The answer must be every line from the listing that holds the string "What".

Records to use section start

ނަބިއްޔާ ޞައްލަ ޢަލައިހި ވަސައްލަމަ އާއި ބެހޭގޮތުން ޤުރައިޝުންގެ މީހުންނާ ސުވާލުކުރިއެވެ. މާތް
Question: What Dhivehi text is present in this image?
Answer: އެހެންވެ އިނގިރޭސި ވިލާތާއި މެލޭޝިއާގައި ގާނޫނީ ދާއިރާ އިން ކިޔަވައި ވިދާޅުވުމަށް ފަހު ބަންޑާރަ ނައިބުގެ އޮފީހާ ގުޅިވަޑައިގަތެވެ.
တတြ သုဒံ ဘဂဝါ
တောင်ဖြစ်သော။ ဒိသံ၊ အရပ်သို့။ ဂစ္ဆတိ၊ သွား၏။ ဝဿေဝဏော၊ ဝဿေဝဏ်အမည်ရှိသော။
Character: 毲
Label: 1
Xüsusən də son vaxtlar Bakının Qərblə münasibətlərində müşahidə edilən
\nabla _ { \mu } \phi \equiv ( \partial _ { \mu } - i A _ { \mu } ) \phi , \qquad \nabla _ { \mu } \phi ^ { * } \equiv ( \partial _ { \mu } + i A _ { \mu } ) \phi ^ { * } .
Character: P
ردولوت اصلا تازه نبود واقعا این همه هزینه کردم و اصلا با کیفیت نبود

Records to use section end
Records to use section start

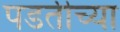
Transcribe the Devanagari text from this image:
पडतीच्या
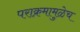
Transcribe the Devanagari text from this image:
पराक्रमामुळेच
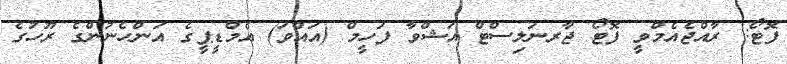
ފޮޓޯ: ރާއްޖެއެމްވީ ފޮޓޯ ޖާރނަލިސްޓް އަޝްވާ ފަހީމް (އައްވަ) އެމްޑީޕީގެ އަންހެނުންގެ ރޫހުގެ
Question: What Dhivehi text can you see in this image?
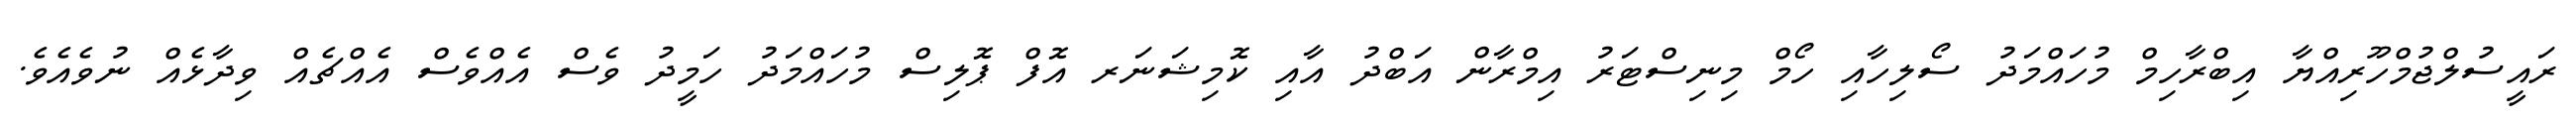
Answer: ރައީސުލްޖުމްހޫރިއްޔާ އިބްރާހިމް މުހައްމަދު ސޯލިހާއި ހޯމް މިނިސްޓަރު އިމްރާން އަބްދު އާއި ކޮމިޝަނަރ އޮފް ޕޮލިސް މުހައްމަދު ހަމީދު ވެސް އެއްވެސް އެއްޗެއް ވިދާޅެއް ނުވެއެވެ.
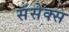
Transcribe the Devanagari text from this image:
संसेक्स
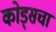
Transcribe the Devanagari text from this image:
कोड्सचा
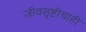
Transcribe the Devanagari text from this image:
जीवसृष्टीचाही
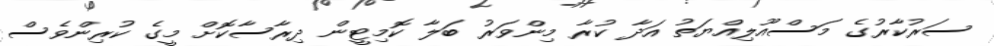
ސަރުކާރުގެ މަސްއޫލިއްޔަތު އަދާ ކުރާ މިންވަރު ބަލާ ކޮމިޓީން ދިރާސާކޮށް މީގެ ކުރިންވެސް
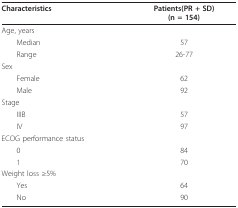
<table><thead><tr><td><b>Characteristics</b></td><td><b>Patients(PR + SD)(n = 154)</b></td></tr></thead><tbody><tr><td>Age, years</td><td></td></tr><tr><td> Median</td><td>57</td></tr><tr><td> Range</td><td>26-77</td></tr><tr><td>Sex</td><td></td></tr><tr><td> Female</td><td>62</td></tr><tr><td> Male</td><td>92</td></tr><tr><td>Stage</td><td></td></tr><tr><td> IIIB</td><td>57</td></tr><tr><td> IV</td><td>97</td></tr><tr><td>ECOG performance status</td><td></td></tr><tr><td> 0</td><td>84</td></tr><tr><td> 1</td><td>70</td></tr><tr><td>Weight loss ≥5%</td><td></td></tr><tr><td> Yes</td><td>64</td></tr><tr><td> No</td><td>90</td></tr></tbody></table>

Records to use section end
Records to use section start

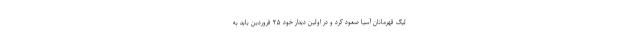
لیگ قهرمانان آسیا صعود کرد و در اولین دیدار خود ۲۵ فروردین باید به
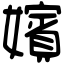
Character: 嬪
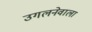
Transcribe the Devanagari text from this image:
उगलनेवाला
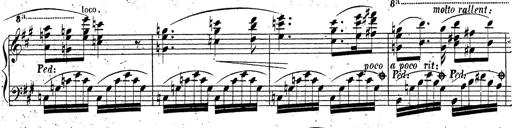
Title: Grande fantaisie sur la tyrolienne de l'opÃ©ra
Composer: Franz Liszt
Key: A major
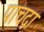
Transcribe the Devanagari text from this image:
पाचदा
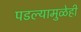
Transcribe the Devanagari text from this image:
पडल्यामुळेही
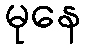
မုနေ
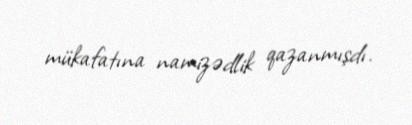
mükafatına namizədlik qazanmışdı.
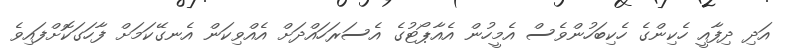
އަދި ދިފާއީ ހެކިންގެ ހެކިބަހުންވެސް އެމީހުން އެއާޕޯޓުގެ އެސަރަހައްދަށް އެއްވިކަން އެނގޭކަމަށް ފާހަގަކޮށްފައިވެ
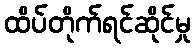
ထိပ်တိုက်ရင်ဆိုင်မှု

Records to use section end

Task output ::
Question: What Dhivehi text is present in this image?
Question: What Dhivehi text can you see in this image?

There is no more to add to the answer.